With less than three months left until the Greek D-Day, and just over one month until the next 3-year LTRO, which will be the ECB's final chance to firewall off its banks with sufficient liquidity and brace for the worst if Greece fails to reach a consensual debt reducing exchange offer (which our colleagues in the German press don't think will be nearly enough), we finally get a glimpse of how the super broke Mario brothers really feel. According to a report in the German Spiegel, the ink is not even yet dry on the latest completely toothless EU Fiscal Draft (which will allow the €500 billion European Stability Mechanism to be enacted) and already we get the world's most insolvent hedge fund, pardon central bank, and Europe's biggest debtor demanding for more. "Italian Prime Minister Mario Monti and European Central Bank President Mario Draghi both support enlarging the capacity of Europe’s permanent financial rescue mechanism, Der Spiegel reported, without saying where it got the information. The news magazine said Monti is pushing for the European Stability Mechanism’s capacity to be doubled to 1 trillion euros ($1.29 trillion), and had made the suggestion to the German government. Der Spiegel added that Draghi supports the view that unused funds from Europe’s temporary rescue fund should be added to the ESM’s firepower when it comes into force." Well good thing the ECB is not printing money or else one would get the impression that the system is getting flooded with trillions of excess cash. It also also great that the next LTRO will not be up to €10 trillion, as first reported here, and as was finally noted by the German press.

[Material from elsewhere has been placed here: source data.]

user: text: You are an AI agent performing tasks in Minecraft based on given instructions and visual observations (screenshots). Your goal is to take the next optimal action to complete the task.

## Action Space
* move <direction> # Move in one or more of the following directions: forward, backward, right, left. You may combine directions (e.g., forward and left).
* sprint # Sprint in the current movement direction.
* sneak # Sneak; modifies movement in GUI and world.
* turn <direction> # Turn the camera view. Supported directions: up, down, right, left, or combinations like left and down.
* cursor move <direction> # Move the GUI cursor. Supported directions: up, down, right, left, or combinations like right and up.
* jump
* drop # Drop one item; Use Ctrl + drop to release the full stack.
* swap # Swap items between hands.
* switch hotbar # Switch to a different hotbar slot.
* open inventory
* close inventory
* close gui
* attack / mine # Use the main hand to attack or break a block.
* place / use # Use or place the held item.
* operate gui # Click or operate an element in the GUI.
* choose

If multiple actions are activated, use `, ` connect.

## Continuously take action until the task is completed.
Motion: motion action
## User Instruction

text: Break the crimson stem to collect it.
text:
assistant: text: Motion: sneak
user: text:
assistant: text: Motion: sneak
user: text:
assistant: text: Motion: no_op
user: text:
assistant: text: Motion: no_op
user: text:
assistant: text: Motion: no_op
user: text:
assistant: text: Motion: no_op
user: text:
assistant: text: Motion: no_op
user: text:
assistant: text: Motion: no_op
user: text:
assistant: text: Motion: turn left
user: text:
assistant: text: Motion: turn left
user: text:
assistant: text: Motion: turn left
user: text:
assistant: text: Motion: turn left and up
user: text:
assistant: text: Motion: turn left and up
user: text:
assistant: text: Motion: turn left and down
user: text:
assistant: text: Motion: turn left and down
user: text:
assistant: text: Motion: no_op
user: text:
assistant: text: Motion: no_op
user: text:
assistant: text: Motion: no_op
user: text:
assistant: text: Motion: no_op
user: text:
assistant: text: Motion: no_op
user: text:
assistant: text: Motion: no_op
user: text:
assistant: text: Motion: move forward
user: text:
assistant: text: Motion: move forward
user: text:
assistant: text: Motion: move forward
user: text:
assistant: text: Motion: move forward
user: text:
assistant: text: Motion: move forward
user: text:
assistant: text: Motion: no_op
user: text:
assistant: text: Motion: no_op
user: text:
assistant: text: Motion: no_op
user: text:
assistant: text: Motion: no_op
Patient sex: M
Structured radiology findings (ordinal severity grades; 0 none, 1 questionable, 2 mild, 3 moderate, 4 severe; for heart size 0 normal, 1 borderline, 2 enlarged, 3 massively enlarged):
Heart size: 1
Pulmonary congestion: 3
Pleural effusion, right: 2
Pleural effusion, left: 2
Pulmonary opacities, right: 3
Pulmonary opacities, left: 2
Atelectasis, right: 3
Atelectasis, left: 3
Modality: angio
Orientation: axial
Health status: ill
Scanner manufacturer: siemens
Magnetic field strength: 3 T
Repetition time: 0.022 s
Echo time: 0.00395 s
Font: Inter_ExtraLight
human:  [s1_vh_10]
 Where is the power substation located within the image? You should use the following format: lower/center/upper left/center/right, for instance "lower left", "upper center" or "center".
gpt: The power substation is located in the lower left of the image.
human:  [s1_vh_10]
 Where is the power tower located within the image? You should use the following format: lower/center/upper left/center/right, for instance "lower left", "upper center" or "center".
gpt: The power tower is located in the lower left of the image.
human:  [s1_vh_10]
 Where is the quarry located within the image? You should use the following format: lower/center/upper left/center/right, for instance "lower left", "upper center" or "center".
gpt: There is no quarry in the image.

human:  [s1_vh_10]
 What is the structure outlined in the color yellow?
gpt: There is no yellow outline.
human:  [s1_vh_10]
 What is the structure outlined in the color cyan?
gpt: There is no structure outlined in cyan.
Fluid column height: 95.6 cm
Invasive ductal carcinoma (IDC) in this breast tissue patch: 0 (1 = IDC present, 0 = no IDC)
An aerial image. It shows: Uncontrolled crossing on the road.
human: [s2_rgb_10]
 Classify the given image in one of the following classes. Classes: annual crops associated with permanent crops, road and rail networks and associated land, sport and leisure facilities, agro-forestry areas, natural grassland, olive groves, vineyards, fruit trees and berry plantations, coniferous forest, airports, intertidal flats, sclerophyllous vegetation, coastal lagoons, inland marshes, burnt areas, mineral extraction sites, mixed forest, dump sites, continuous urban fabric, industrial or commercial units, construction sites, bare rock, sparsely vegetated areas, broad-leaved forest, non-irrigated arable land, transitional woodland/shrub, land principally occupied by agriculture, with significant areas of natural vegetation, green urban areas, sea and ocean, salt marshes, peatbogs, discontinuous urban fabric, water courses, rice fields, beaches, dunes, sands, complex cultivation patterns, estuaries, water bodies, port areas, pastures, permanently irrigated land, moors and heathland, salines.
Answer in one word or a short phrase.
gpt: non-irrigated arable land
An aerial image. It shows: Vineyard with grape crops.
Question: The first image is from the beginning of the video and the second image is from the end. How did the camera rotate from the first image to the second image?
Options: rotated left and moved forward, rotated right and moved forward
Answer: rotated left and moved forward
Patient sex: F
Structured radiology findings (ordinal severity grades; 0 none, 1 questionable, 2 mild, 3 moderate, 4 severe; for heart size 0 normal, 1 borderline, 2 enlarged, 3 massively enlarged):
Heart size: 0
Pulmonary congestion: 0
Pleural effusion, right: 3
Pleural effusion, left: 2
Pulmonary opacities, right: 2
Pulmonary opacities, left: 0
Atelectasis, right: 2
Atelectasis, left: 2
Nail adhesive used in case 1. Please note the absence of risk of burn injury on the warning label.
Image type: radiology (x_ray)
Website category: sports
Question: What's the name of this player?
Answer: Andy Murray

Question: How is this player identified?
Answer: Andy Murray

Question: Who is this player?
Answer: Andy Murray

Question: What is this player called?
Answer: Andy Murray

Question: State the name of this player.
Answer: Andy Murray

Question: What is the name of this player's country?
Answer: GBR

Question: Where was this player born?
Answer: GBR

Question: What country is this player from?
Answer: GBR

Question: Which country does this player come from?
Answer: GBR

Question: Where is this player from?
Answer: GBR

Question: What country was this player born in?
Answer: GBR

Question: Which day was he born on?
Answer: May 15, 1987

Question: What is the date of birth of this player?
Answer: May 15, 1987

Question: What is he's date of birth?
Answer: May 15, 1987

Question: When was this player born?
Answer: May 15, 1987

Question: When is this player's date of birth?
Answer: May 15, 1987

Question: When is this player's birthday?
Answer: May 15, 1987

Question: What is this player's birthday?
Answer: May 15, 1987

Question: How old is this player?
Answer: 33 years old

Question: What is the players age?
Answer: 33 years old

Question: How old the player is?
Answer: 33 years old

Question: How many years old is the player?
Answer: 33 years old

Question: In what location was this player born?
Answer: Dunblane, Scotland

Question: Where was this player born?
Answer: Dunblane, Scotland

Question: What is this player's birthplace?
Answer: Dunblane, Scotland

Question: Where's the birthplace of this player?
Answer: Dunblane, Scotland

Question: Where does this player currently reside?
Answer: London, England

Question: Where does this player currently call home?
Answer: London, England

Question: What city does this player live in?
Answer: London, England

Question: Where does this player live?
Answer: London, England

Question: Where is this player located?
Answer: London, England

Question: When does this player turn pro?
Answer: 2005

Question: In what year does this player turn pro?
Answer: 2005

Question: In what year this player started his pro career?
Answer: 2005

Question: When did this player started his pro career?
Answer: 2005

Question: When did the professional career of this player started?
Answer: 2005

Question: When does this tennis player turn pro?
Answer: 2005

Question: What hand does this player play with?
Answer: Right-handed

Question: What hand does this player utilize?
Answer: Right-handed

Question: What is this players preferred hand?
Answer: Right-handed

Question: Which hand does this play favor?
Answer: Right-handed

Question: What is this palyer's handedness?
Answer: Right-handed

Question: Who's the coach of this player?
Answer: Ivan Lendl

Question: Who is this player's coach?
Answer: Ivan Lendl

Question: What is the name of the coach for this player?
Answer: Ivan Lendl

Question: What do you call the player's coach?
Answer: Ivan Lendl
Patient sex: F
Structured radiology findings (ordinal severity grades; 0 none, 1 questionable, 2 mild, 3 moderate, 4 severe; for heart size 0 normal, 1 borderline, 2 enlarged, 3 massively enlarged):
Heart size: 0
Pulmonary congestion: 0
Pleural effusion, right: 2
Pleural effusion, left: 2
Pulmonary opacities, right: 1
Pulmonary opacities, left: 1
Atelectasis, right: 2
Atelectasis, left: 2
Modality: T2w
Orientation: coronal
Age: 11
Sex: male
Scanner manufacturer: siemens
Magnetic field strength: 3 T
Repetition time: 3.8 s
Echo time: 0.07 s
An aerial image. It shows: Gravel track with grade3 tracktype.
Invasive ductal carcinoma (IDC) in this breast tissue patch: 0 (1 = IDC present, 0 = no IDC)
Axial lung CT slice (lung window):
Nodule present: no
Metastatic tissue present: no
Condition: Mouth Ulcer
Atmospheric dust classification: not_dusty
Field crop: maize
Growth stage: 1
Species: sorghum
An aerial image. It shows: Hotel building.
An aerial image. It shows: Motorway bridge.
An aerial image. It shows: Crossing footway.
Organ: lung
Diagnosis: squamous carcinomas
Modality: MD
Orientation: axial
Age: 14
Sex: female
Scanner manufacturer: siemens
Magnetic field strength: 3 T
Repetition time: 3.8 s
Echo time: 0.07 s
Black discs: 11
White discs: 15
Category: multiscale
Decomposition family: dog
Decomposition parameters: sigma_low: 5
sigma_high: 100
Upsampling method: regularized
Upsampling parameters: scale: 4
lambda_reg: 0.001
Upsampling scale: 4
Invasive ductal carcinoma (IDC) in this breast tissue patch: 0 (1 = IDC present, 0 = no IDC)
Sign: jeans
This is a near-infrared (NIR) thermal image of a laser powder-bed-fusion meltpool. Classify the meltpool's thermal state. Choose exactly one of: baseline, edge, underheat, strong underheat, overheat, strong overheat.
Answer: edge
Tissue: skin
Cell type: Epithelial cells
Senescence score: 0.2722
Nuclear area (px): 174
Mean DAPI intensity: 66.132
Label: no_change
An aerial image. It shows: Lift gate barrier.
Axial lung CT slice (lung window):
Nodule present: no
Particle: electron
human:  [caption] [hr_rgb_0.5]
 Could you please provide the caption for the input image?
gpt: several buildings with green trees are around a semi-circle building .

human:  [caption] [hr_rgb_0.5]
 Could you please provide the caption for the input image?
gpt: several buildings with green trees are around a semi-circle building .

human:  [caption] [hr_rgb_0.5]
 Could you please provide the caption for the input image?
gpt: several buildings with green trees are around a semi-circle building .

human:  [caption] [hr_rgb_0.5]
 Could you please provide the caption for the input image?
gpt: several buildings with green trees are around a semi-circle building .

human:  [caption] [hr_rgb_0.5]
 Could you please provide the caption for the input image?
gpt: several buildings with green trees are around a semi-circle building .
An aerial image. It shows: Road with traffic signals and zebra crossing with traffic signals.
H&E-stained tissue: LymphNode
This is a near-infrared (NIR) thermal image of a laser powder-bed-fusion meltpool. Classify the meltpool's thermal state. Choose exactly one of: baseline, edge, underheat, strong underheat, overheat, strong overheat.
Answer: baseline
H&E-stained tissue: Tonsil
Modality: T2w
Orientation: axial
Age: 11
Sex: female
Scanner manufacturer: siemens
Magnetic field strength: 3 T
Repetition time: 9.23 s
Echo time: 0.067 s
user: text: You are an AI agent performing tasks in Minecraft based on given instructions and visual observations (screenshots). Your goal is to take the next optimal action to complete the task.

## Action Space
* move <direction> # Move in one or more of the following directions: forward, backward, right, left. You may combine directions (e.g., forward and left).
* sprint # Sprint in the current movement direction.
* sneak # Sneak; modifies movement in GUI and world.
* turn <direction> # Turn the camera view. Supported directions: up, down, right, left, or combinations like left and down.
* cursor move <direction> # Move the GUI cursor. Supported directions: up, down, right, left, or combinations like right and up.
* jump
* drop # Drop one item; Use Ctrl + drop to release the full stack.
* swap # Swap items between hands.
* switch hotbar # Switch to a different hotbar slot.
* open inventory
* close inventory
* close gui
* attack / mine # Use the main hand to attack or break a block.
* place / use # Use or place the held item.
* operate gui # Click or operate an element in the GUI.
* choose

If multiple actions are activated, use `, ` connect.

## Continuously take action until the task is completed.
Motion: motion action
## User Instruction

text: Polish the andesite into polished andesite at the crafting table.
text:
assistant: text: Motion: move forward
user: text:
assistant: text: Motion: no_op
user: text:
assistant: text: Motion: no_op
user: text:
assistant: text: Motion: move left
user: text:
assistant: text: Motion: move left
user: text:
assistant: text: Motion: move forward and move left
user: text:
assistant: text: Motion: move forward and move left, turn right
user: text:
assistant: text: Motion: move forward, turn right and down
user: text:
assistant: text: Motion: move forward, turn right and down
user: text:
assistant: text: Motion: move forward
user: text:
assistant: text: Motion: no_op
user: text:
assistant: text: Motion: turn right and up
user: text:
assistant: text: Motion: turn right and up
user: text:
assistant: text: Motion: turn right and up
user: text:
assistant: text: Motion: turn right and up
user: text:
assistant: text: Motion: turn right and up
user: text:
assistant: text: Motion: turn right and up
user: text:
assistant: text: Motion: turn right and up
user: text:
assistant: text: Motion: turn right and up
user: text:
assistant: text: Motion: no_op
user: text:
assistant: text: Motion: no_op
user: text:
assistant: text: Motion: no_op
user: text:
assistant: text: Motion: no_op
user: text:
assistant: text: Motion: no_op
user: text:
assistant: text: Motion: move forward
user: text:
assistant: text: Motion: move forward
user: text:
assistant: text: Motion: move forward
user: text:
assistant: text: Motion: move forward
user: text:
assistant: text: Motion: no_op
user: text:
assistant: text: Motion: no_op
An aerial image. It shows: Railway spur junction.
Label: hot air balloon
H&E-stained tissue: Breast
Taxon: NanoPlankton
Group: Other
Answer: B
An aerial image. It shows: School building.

As for the reason why the Super Insolvent Mario Bros need the extra cash...
Such a measure would create trust in the monetary union, which leaves the lower interest rates on government bonds, argues Monti. This suggestion is supported by Spain and Portugal. France also argues that Germany is throwing its economic and financial power in favor of the euro in the pan. The federal government has set by his wishes Monti already aware.
Needless to say, Germany will not hear of it: after all it is its money that goes down the rabbit chute to fund Italy's deficits. But that will not stop Monti who has just conceived the most persuasive of arguments:
The Italian Prime Minister had urged that Germany should contribute so that Italy would continue to pay lower interest rates.
Poor Mario apparently fails to grasp that for Germany a plunging Euro, and thus a surging export market to offshore trading parterns, is the only thing that matters now that its endogenous mercantilist import, pardon, trading partners of the past decade, the PIIGS, have no more debt capacity to buy German exports. Although even a technocrat probably understands that one does not get a weak currency by bailing out the weakest links over and over.
Expect the European crisis to be with us for a long time. After all, that's precisely what Germany wants (of course, the Chairsatan may have other views on the matter).